The Plain Language Commission has given Mr Major a Golden Rhubarb Trophy for the most confusing government document of the year, a category where as the winner might say, there is "not inconsiderable competition".

According to the commission - a commercially run gobbledegook watchdog body - the winner is the Northern Ireland settlement proposals, contained in an 11,000-word booklet entitled Frameworks for the Future.

Martin Cutts, director of the commission, is scathing in his judgement. He points out: "One sentence runs to 121 words and others exceed 70. The average is 35 words per sentence. If a topic is complex, an average of 15 to 20 would be reasonable."

In paragraph 46, picked out by the commission, the document says in no fewer than 67 words, that if there is a problem, everybody will sit down to talk about it. It summarises thus: "Where either government considers that any institution, established as part of the overall accommodation, is not properly functioning within the Agreement or that a breach of the Agreement has otherwise occurred, the Conference shall consider the matter on the basis of a shared commitment to arrive at a common position or, where that is not possible, to agree a procedure to resolve the difference between them."
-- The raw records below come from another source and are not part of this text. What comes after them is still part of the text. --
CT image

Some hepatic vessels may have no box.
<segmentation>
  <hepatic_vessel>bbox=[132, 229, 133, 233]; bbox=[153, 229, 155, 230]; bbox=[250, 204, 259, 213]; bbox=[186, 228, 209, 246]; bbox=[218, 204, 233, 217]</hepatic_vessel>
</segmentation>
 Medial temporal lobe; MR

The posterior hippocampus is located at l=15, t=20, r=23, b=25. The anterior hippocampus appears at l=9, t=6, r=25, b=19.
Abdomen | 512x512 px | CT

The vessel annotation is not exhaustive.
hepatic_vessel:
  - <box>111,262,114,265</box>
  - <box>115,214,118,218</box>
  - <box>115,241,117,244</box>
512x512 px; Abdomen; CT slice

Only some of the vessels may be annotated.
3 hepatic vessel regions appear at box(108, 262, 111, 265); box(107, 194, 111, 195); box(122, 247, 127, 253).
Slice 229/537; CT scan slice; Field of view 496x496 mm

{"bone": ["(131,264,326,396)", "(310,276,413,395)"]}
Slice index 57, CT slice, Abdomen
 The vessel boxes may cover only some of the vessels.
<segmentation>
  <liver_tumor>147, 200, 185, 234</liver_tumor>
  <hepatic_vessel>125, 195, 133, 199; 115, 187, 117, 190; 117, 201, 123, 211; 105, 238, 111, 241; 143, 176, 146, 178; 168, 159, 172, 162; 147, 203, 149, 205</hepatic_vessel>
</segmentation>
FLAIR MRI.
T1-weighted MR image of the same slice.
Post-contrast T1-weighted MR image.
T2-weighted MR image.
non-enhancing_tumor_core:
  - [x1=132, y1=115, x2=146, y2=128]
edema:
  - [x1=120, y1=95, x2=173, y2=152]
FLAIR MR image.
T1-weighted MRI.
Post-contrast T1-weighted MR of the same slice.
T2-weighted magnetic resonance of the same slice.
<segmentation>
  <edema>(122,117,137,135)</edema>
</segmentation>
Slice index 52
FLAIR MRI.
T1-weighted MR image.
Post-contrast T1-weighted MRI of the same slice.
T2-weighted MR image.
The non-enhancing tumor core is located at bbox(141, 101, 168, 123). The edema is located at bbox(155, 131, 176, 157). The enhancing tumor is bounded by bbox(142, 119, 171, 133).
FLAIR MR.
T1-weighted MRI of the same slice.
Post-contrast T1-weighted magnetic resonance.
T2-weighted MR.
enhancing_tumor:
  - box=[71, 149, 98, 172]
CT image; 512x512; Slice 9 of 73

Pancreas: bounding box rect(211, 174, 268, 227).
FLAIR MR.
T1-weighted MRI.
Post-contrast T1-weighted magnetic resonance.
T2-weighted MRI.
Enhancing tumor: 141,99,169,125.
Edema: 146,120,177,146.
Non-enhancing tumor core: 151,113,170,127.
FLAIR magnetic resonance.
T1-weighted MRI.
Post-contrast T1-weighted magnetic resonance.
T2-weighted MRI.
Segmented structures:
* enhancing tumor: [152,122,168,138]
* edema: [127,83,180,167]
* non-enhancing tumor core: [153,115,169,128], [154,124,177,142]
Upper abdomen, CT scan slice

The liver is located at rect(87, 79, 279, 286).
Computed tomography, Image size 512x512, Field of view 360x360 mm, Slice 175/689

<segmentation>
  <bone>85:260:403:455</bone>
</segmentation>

Mr Major was nominated for the award by several citizens of Belfast who bought the booklet when it came out last February to try to discover where the peace process was going, and were little the wiser for reading it.

The document is not all the Prime Minister's own work, of course, but he is still entitled to the award as a signatory to the agreement, and because he wrote the foreword.

Mr Cutts concludes: "Nobody likes being negative about such a document, but Mr Major has made a public commitment to plain English in his Citizen's Charter, and this booklet fails to fulfil it."